§ **Records to process**
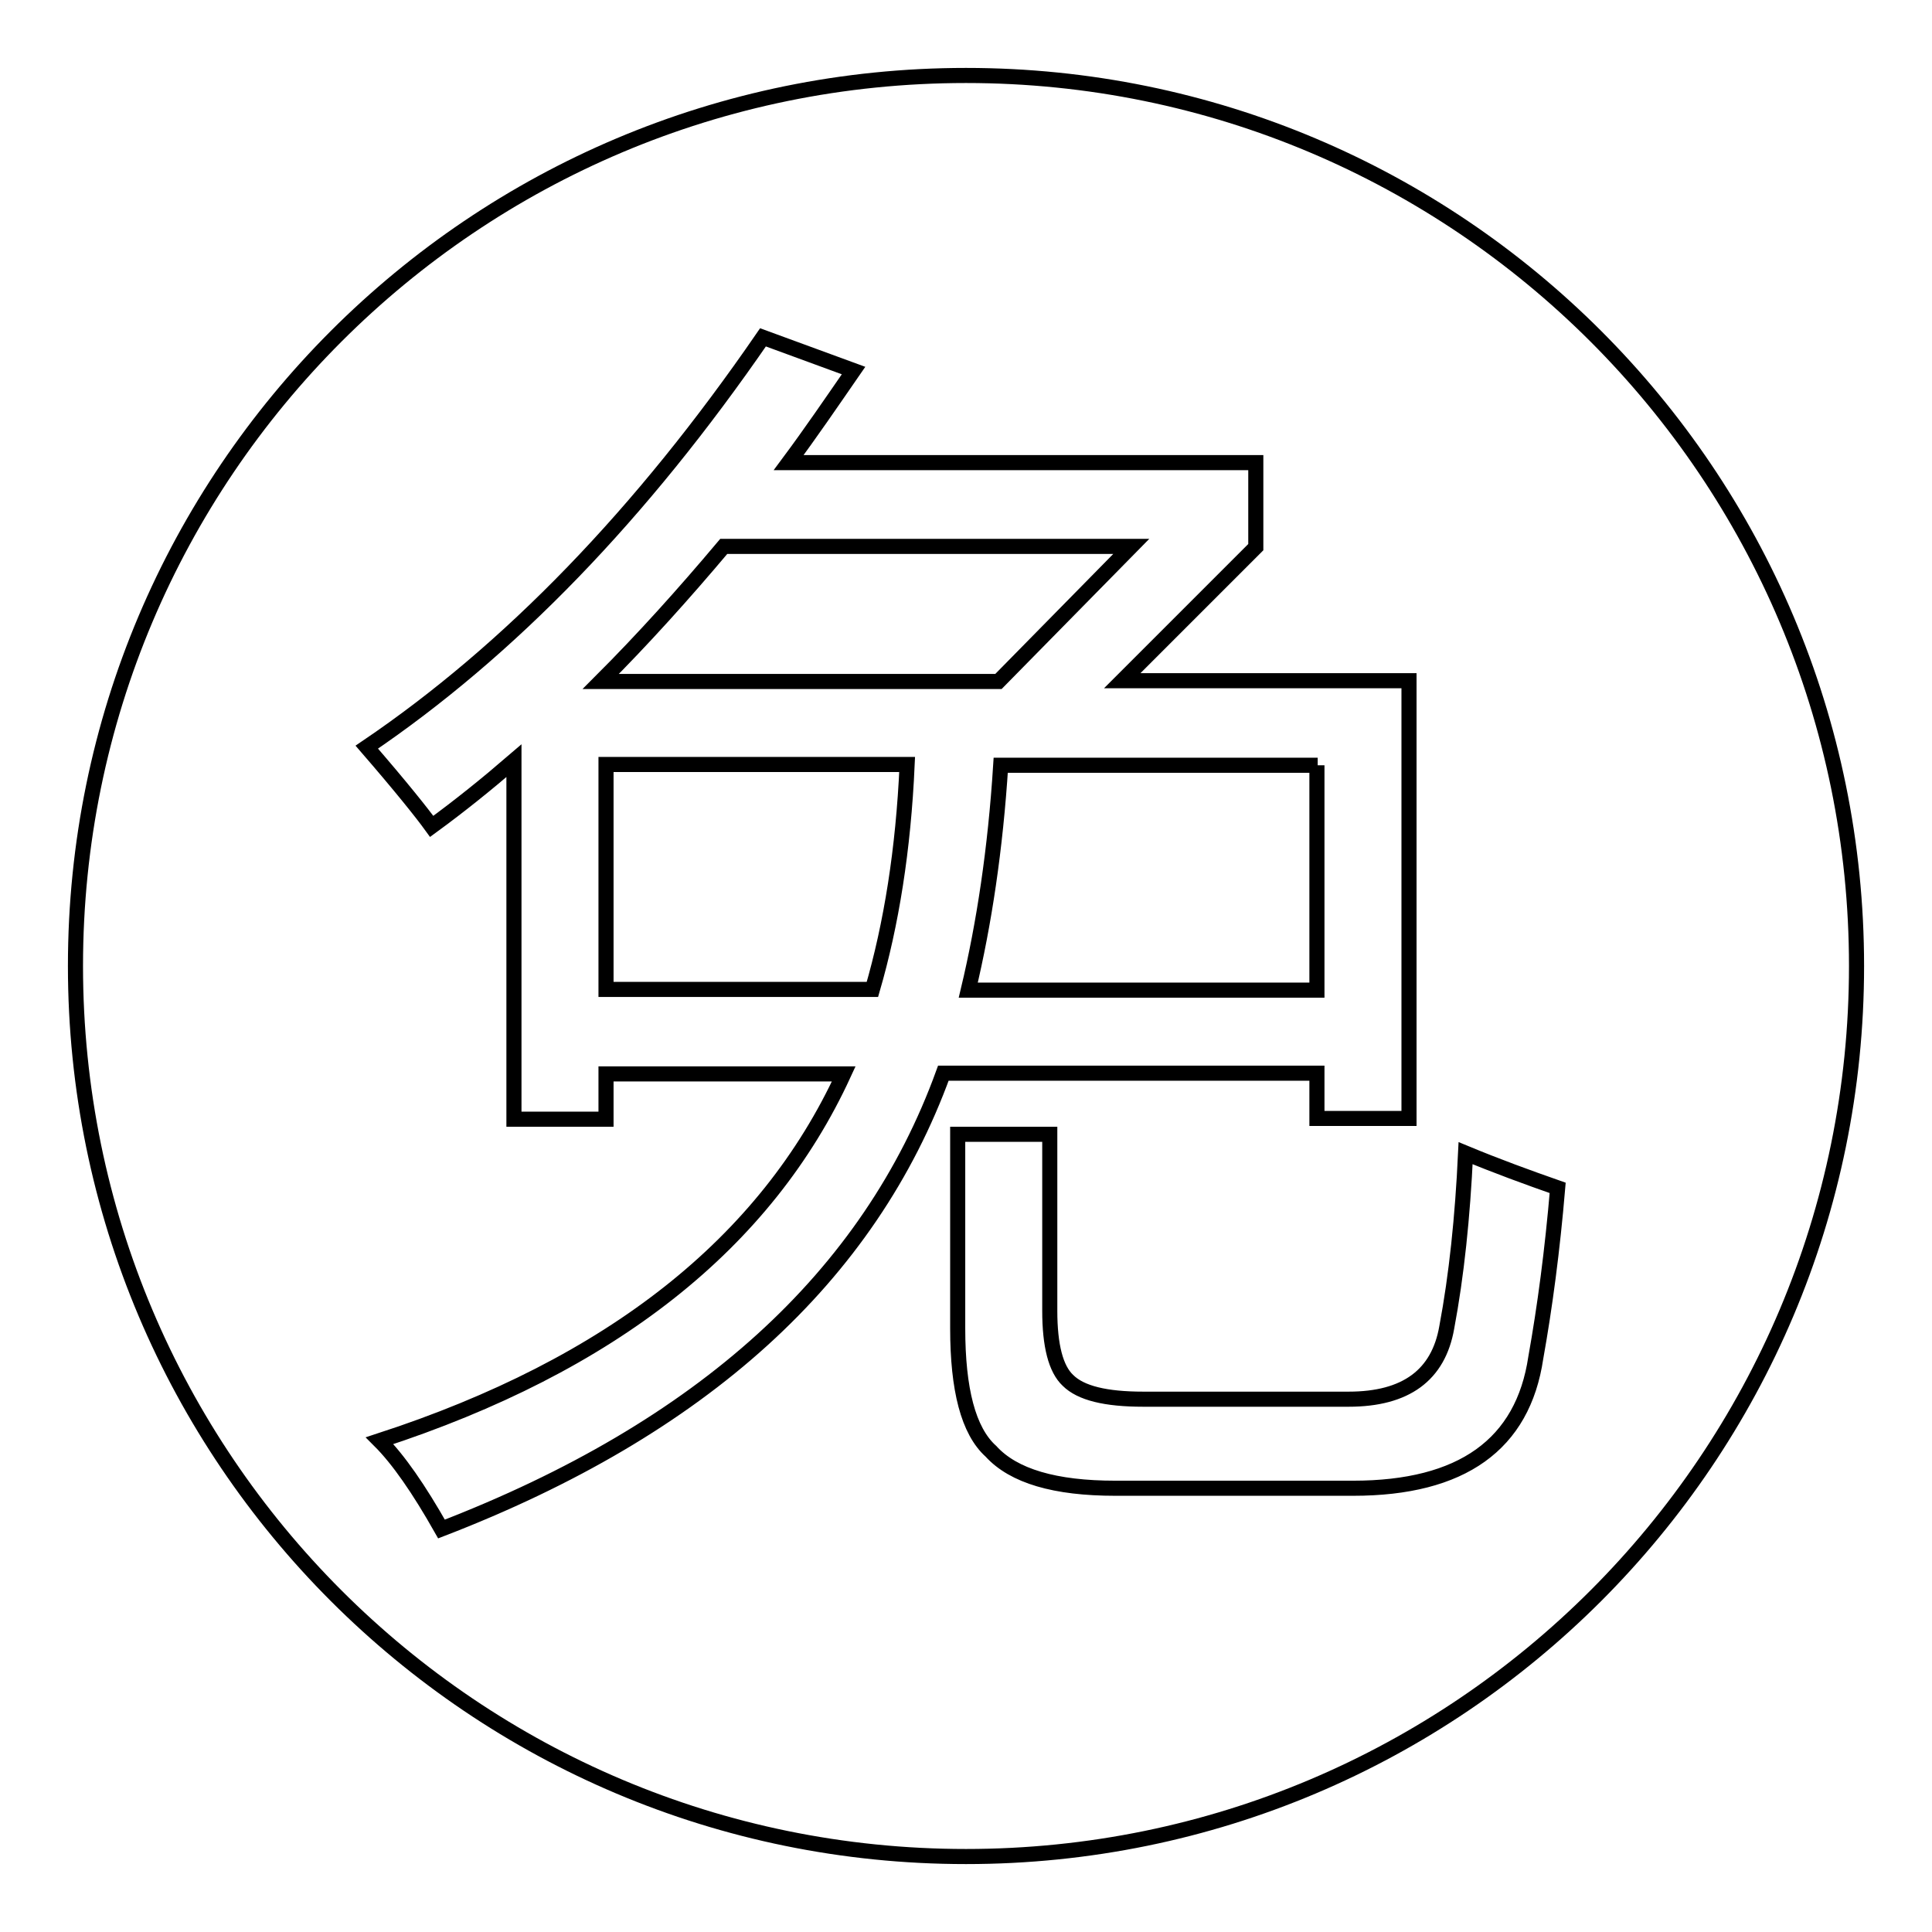 <?xml version="1.0" encoding="utf-8"?>
<!-- Svg Vector Icons : http://www.onlinewebfonts.com/icon -->
<!DOCTYPE svg PUBLIC "-//W3C//DTD SVG 1.1//EN" "http://www.w3.org/Graphics/SVG/1.1/DTD/svg11.dtd">
<svg version="1.1" xmlns="http://www.w3.org/2000/svg" xmlns:xlink="http://www.w3.org/1999/xlink" x="0px" y="0px" viewBox="0 0 256 256" enable-background="new 0 0 256 256" xml:space="preserve">
<g> <path stroke-width="2" fill-opacity="0" stroke="#000000"  d="M149.9,72.4h-54c-5.3,6.3-10.7,12.3-16.3,17.9h52.7L149.9,72.4z M174.6,101.4h-42 c-0.7,11.1-2.2,21-4.3,29.8h46.2V101.4L174.6,101.4z M80.3,131.1h35.3c2.5-8.6,4.1-18.5,4.6-29.8H80.3V131.1z M128,10 C62.8,10,10,62.8,10,128c0,65.2,52.8,118,118,118c65.2,0,118-52.8,118-118C246,62.8,193.2,10,128,10z M58.5,202.6 c-3-5.3-5.7-9.2-8.2-11.7c30.7-10,51.2-26.2,61.5-48.6H80.3v6H68.1v-47.5c-3.6,3.1-7.2,6-10.9,8.7c-1.3-1.8-4.1-5.3-8.6-10.5 C67.5,86.2,85,68.1,101.1,44.7l12,4.4c-2.9,4.2-5.7,8.3-8.6,12.2h61.9v11.2l-17.7,17.7h38v58h-12.2v-6H125 C115.2,169.2,93,189.3,58.5,202.6z M203.5,179.9c-1.7,11.5-9.8,17.3-24.2,17.3h-31.5c-8,0-13.5-1.6-16.5-4.9 c-3-2.7-4.4-8.2-4.4-16.3v-25.7h12.2v23.4c0,4.6,0.8,7.7,2.4,9.2c1.7,1.7,5,2.5,10,2.5h27.2c7.6,0,11.9-3.2,13-9.5 c1.3-6.9,2.1-14.6,2.5-23.1c4.1,1.7,8.2,3.2,12.2,4.6C205.7,165.7,204.7,173.2,203.5,179.9z"/></g>
</svg>

§ **Work task**
Lines before the one containing "<!DOCTYPE svg PUBLIC" are not wanted; please set down that line and every line after it through the end of the material, exactly.

§ **Reply to the exercise**
<!DOCTYPE svg PUBLIC "-//W3C//DTD SVG 1.1//EN" "http://www.w3.org/Graphics/SVG/1.1/DTD/svg11.dtd">
<svg version="1.1" xmlns="http://www.w3.org/2000/svg" xmlns:xlink="http://www.w3.org/1999/xlink" x="0px" y="0px" viewBox="0 0 256 256" enable-background="new 0 0 256 256" xml:space="preserve">
<g> <path stroke-width="2" fill-opacity="0" stroke="#000000"  d="M149.9,72.4h-54c-5.3,6.3-10.7,12.3-16.3,17.9h52.7L149.9,72.4z M174.6,101.4h-42 c-0.7,11.1-2.2,21-4.3,29.8h46.2V101.4L174.6,101.4z M80.3,131.1h35.3c2.5-8.6,4.1-18.5,4.6-29.8H80.3V131.1z M128,10 C62.8,10,10,62.8,10,128c0,65.2,52.8,118,118,118c65.2,0,118-52.8,118-118C246,62.8,193.2,10,128,10z M58.5,202.6 c-3-5.3-5.7-9.2-8.2-11.7c30.7-10,51.2-26.2,61.5-48.6H80.3v6H68.1v-47.5c-3.6,3.1-7.2,6-10.9,8.7c-1.3-1.8-4.1-5.3-8.6-10.5 C67.5,86.2,85,68.1,101.1,44.7l12,4.4c-2.9,4.2-5.7,8.3-8.6,12.2h61.9v11.2l-17.7,17.7h38v58h-12.2v-6H125 C115.2,169.2,93,189.3,58.5,202.6z M203.5,179.9c-1.7,11.5-9.8,17.3-24.2,17.3h-31.5c-8,0-13.5-1.6-16.5-4.9 c-3-2.7-4.4-8.2-4.4-16.3v-25.7h12.2v23.4c0,4.6,0.8,7.7,2.4,9.2c1.7,1.7,5,2.5,10,2.5h27.2c7.6,0,11.9-3.2,13-9.5 c1.3-6.9,2.1-14.6,2.5-23.1c4.1,1.7,8.2,3.2,12.2,4.6C205.7,165.7,204.7,173.2,203.5,179.9z"/></g>
</svg>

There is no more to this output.